===== Available data
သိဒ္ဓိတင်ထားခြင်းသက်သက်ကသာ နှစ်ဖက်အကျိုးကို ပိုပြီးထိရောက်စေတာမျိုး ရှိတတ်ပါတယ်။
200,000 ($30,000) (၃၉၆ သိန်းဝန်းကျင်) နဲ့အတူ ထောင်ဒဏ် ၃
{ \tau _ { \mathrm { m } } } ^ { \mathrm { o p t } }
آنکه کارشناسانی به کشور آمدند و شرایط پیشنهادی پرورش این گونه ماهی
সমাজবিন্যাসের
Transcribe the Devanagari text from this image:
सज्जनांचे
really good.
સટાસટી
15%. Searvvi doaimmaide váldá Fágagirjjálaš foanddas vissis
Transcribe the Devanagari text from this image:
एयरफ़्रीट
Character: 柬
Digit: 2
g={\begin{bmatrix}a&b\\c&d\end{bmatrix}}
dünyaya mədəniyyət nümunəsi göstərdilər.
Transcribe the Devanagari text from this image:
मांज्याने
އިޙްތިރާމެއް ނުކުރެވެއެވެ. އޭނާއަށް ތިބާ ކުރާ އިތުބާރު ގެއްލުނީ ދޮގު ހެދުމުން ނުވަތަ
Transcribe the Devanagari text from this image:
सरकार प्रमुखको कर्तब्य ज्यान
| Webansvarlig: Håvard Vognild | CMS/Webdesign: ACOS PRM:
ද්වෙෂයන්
==========
# How to complete this task:
What needs duplicating is the run of lines from the one containing "Character: 柬" through the last line of the entries above, exact and complete.

# Result:
Character: 柬
Digit: 2
g={\begin{bmatrix}a&b\\c&d\end{bmatrix}}
dünyaya mədəniyyət nümunəsi göstərdilər.
Transcribe the Devanagari text from this image:
मांज्याने
އިޙްތިރާމެއް ނުކުރެވެއެވެ. އޭނާއަށް ތިބާ ކުރާ އިތުބާރު ގެއްލުނީ ދޮގު ހެދުމުން ނުވަތަ
Transcribe the Devanagari text from this image:
सरकार प्रमुखको कर्तब्य ज्यान
| Webansvarlig: Håvard Vognild | CMS/Webdesign: ACOS PRM:
ද්වෙෂයන්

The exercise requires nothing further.